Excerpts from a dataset
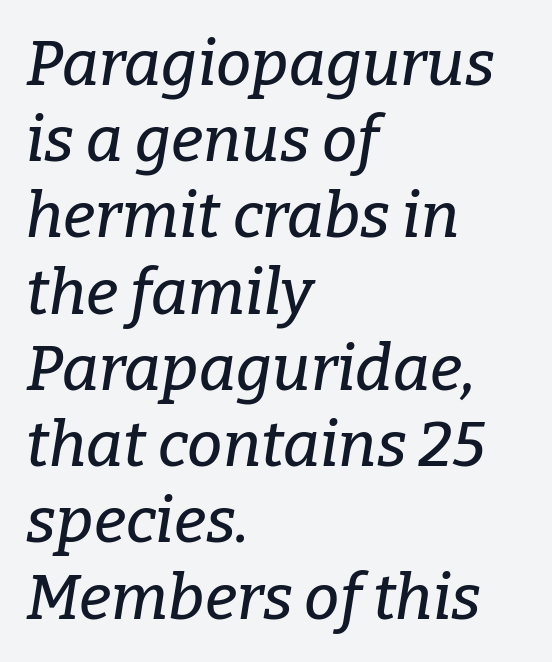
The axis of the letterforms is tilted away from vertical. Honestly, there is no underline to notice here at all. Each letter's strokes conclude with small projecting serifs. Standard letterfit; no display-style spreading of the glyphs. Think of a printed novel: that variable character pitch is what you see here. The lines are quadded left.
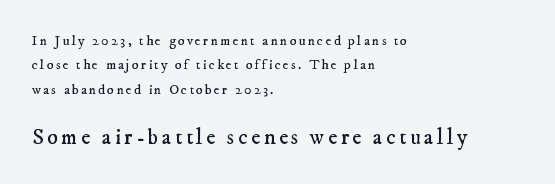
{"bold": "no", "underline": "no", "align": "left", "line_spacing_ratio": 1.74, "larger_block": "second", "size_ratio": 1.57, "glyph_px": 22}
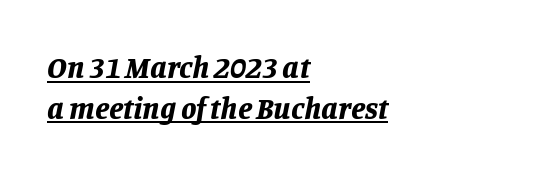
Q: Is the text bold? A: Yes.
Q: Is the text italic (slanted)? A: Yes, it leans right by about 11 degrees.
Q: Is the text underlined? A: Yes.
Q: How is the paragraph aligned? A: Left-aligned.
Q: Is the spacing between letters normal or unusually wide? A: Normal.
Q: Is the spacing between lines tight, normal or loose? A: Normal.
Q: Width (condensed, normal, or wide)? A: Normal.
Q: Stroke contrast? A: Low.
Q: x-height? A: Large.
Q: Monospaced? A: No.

--

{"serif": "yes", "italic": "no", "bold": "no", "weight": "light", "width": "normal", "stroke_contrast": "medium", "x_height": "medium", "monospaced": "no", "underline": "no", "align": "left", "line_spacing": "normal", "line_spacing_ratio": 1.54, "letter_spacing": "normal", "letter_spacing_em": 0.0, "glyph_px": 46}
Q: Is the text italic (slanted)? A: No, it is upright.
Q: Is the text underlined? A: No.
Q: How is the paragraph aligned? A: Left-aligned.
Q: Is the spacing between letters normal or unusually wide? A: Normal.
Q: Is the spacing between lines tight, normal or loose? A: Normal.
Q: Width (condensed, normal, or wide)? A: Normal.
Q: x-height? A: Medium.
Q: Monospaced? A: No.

* * *

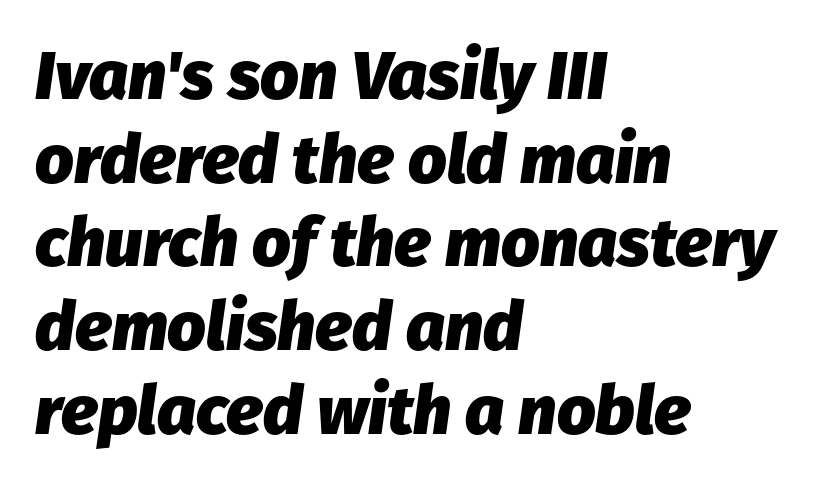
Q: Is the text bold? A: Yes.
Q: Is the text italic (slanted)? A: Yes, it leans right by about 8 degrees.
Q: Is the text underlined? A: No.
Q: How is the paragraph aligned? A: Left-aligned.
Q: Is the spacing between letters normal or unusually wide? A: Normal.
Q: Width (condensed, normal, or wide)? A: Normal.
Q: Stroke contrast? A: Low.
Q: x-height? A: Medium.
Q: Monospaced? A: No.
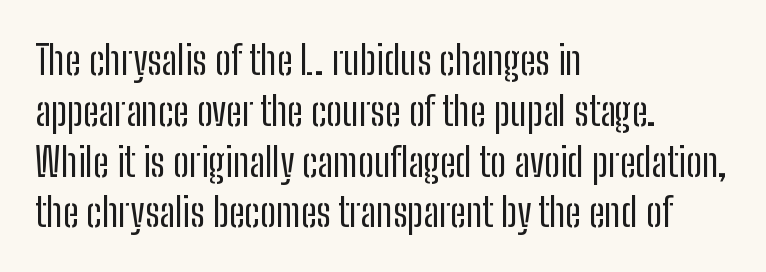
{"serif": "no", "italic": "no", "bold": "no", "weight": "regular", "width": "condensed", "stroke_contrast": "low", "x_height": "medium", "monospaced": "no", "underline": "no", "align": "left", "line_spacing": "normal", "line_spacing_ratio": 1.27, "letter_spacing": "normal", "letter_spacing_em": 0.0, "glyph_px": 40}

> WORK INSTRUCTIONS: Search the records for the string "slanted", and copy every line that holds it.

> TASK SOLUTION:
Q: Is the text italic (slanted)? A: Yes, it leans right by about 11 degrees.
Q: Is the text italic (slanted)? A: No, it is upright.
Q: Is the text italic (slanted)? A: Yes, it leans right by about 8 degrees.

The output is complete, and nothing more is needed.